» Prompt
Print the entries below again exactly as they stand, but skip any picture.
Records provided: Begin
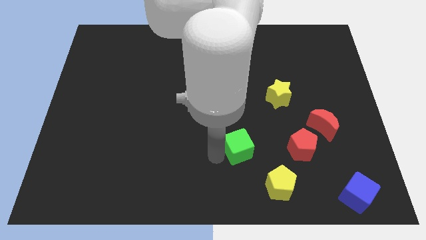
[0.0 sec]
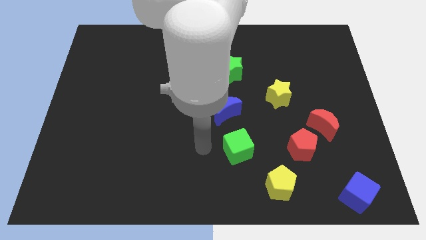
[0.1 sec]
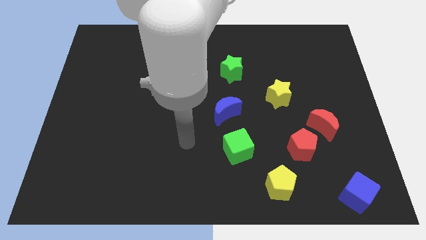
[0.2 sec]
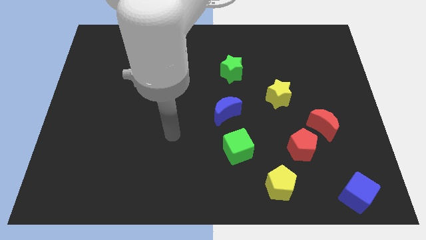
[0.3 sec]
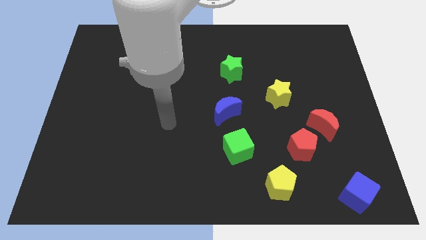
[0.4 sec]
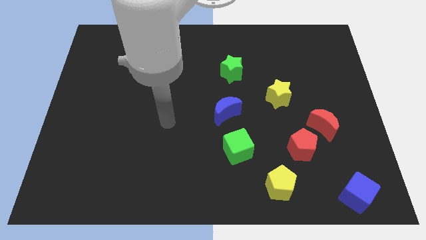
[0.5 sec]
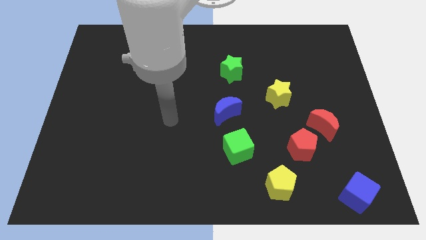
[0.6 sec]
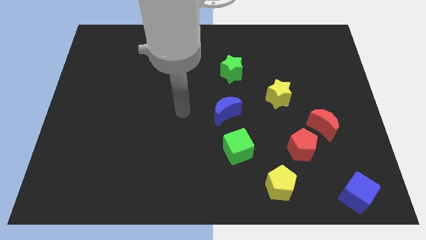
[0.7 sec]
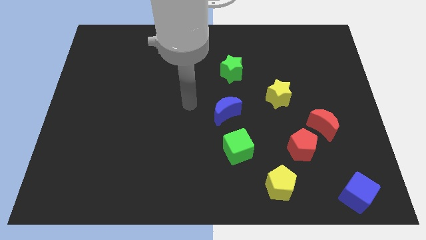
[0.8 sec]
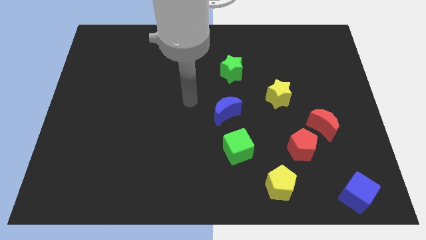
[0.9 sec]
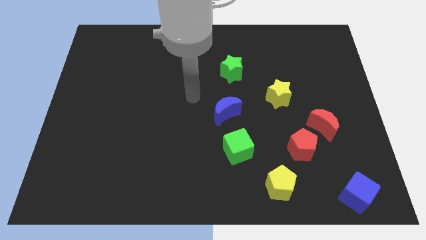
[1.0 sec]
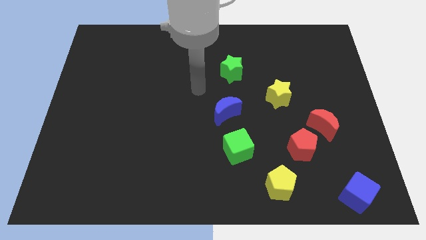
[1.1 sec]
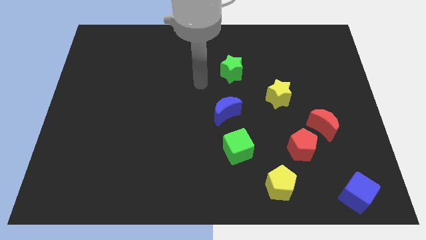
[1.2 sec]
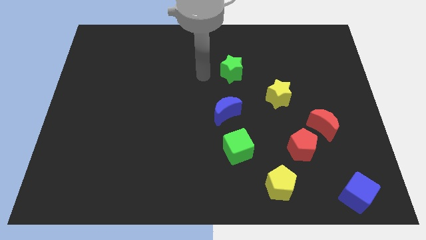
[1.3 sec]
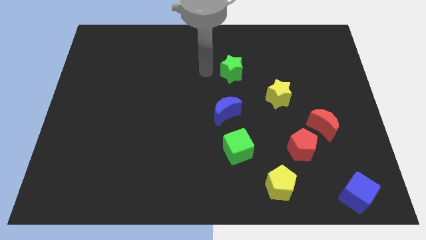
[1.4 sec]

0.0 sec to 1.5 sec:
move your arm away from the green cube
Records provided: End
» Answer
[0.0 sec]
[0.1 sec]
[0.2 sec]
[0.3 sec]
[0.4 sec]
[0.5 sec]
[0.6 sec]
[0.7 sec]
[0.8 sec]
[0.9 sec]
[1.0 sec]
[1.1 sec]
[1.2 sec]
[1.3 sec]
[1.4 sec]

0.0 sec to 1.5 sec:
move your arm away from the green cube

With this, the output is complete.